What accounts for Tokyo residents' distinctive love of gardening and nature? The Ota Museum's Edo Gardening Flowers exhibit last fall recalled how the earliest Western visitors marveled at the city's unique gardening culture. Hundreds of uikyo-e (wood block prints) feature flowers and plants in a variety of urban settings including kimonos, festivals, nurseries, educational materials, Kabuki actors, and Noh dramas. Unlike Western cities of the time, Edo's passion for gardens extended to all sectors of society, including common people as well as court nobles, shoguns, and artists.

Perhaps there is something circular in my modern day discovery of Tokyo's gardening culture. Why are Westerners still unaware of this unique feature of Japanese urban life? While gardens once served primarily for relaxation and entertainment, their role today could be even more profound, given global urbanization and climate change.

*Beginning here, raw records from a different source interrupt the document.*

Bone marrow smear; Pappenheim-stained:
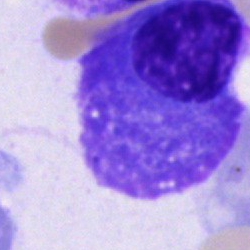Morphology — plasma cell.
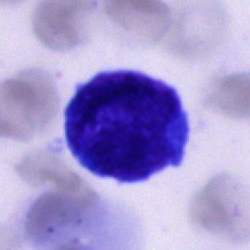
Impression → cell of indeterminate lineage.
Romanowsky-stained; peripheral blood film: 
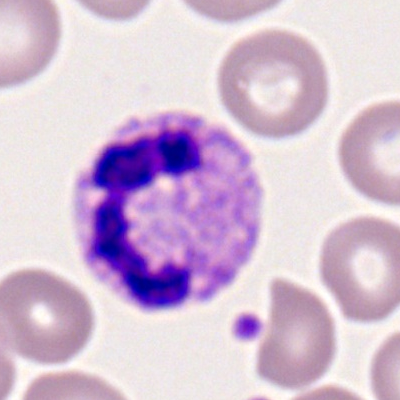Impression — segmented neutrophil.
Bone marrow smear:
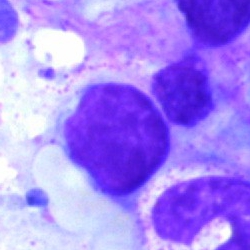
Morphology consistent with a lymphocyte.
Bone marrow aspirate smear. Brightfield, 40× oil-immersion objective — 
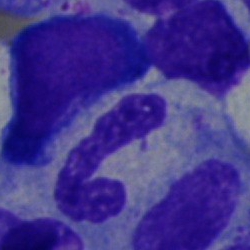 Q: Which cell type is shown here?
A: Nucleated red cell.
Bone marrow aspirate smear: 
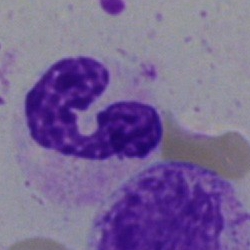The cell type is neutrophil (segmented).

Creating urban forests will clean the air and water, reverse the heat island effect, lower crime, improve mental health, encourage mass transit, reduce the carbon footprint of the food supply, and promote biodiversity. As a foreign resident, or more accurately a resident alien, I already benefit from the increased sense of community and well-being that public gardening brings to even recent arrivals of the world's biggest metropolis.

Many Japanese assume that improving Tokyo requires importing ideas from the West. On the contrary, I believe that Japanese do not realize Tokyo's unique cultural, spatial, and, above all, human resources which can make urban life even better in Japan and around the world.